Os três casos são ilustrativos de questões éticas e morais que fazem parte de nosso cotidiano. Qual o caminho para resolver essas questões? Como disse acima não tentarei fazer julgamentos de valor de maneira que o texto acabe se tornando um sermão. O compromisso científico aqui é analisar a natureza dos julgamentos e dos valores implicados nos dilemas de comportamento individual e coletivo dos homens e mulheres. O estudo da Ética nos auxilia a entender como esses processos se dão.

A Ética: Conceito e dimensões

A Ética, abordada como conceito usado cotidianamente, pode adquirir dois significados principais:

1. um conjunto de valores compartilhados por um determinado número de indivíduos que condiciona as ações individuais e seus julgamentos e se crê que esses são os princípios corretos.

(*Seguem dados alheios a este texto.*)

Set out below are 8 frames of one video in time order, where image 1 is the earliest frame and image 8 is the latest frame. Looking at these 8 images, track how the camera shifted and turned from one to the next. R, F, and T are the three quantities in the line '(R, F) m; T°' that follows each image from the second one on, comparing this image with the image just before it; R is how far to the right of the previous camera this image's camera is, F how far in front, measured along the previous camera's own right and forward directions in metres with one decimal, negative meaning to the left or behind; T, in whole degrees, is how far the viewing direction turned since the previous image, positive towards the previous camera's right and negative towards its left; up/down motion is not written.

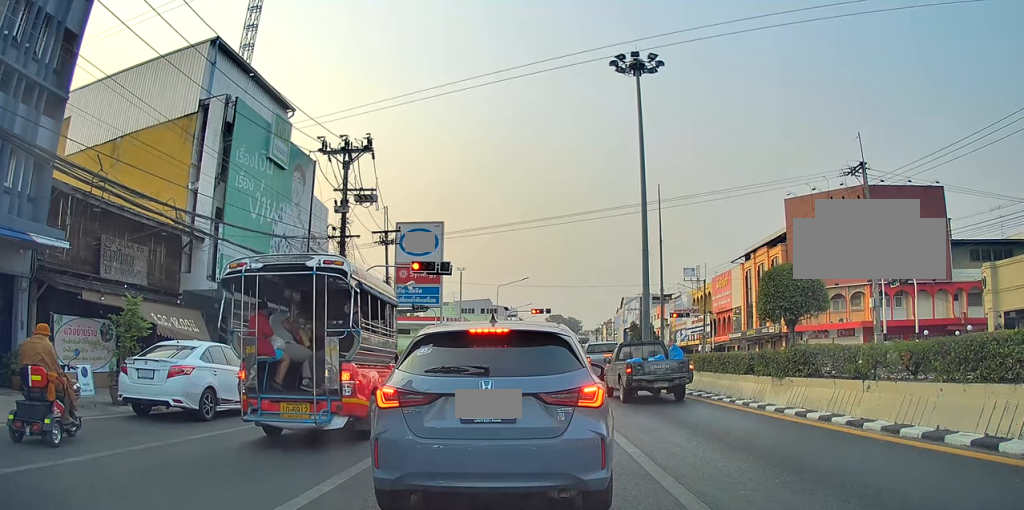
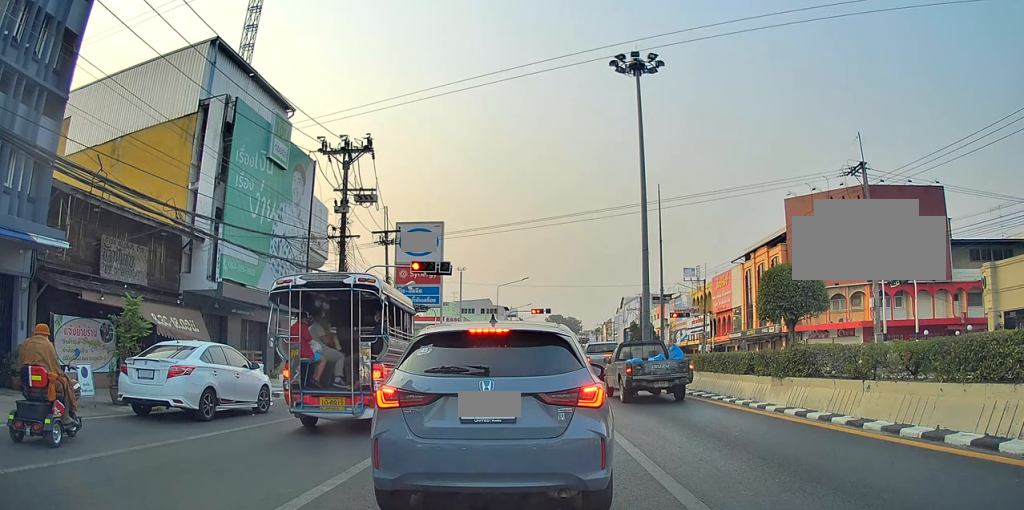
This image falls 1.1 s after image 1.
(0.0, +0.2) m; 0°
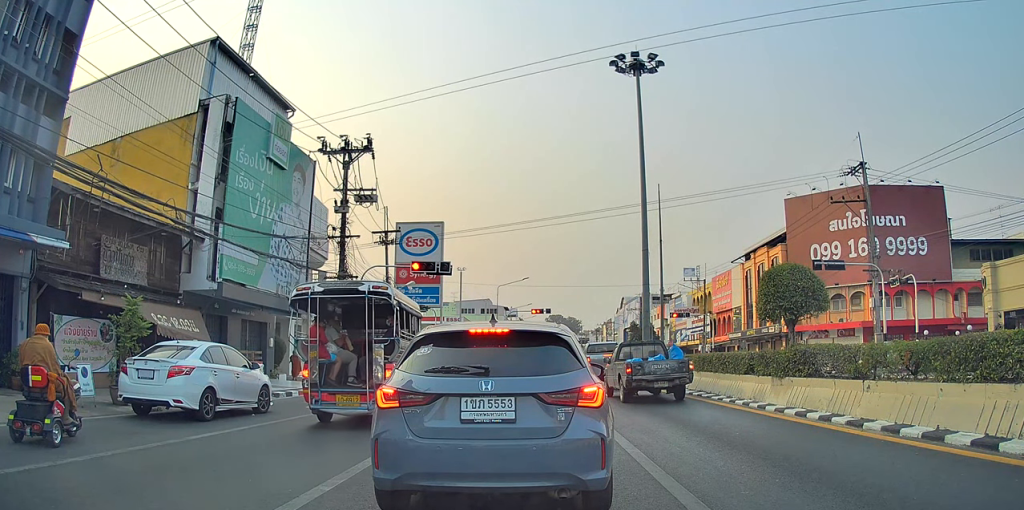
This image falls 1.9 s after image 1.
(0.0, -0.1) m; 0°
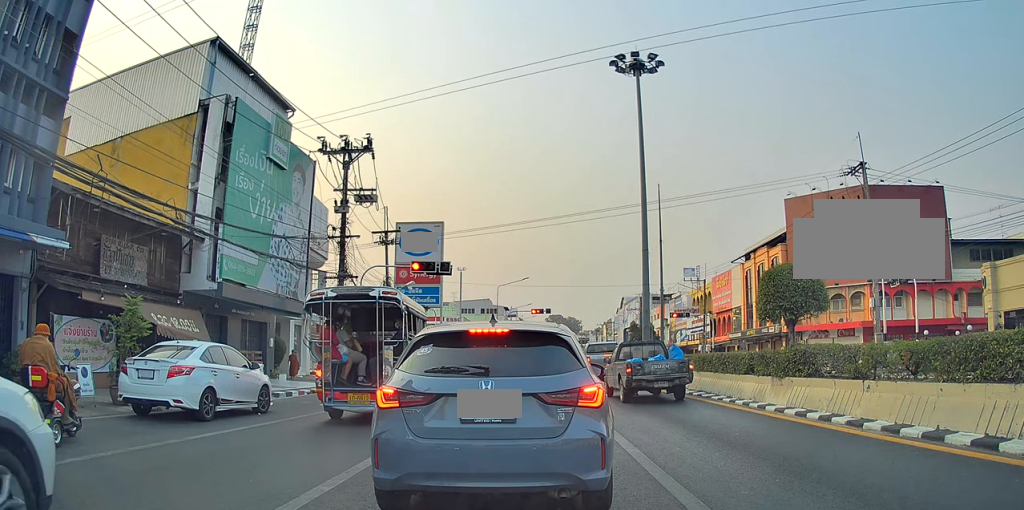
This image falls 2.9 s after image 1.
(0.0, 0.0) m; 0°
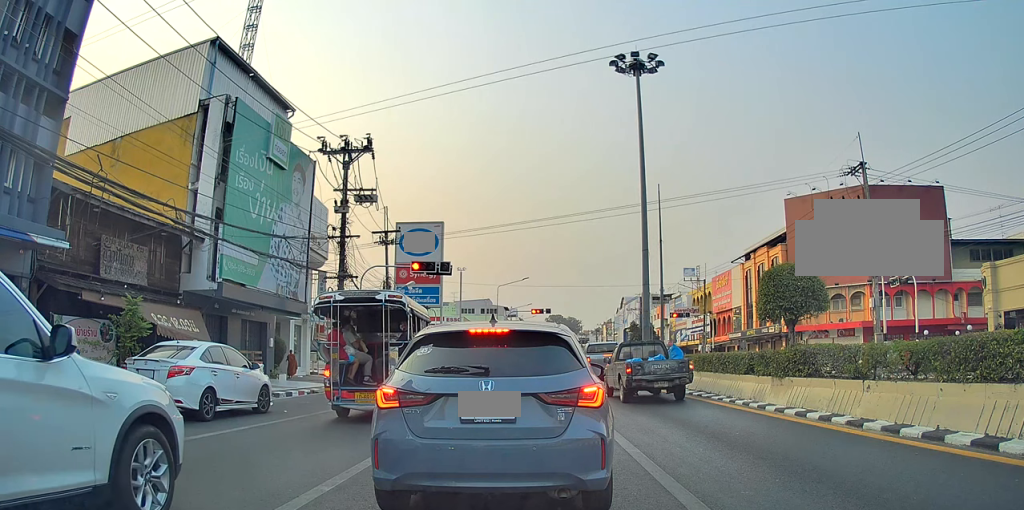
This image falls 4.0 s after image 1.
(0.0, 0.0) m; 0°
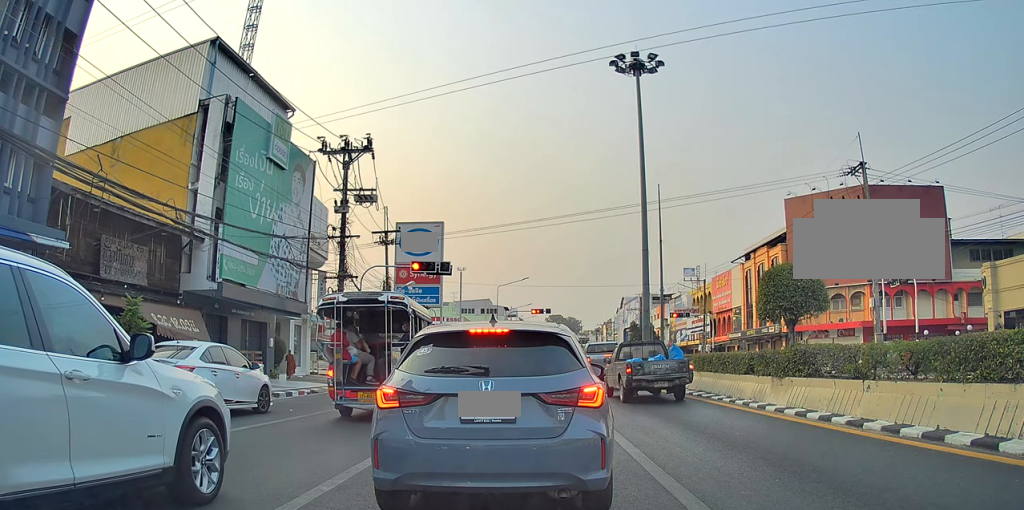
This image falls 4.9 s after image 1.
(0.0, 0.0) m; 0°
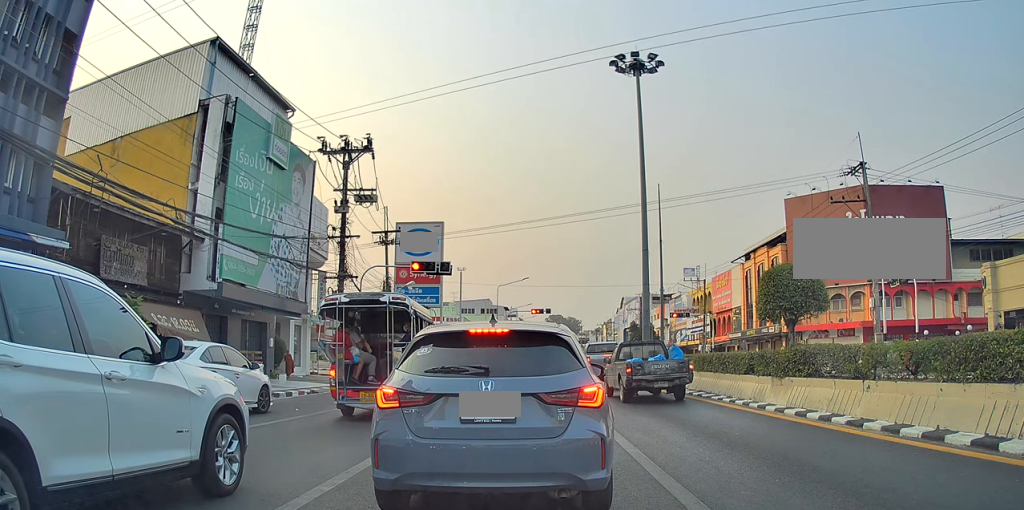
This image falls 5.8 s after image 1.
(0.0, 0.0) m; 0°
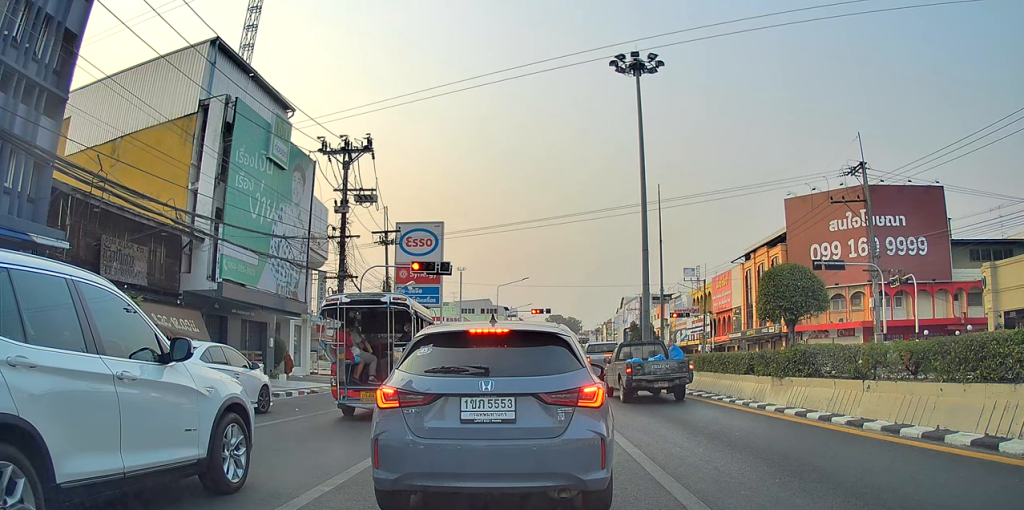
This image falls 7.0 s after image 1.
(0.0, 0.0) m; 0°

2. um campo de estudos que pode ter feições filosóficas, cientificas ou teológicas e tem como objeto um raciocínio prático através do qual os homens guiam sua conduta e seus julgamentos e classificam condutas em bem ou mal, certo ou errado, virtude ou ao vicio, justo ou injusto. Observa-se que a palavra ética pode ser utilizada como um fenômeno ou uma área de conhecimento, ou seja, são denominados pela mesma palavra a ciência que estuda um fenômeno e o objeto de estudo da ciência.

O filósofo espanhol Adolfo Sánchez Vázquez define ética da seguinte maneira:

“A ética é a teoria ou ciência do comportamento moral dos homens em sociedade. Ou seja, é a ciência de uma forma específica de comportamento”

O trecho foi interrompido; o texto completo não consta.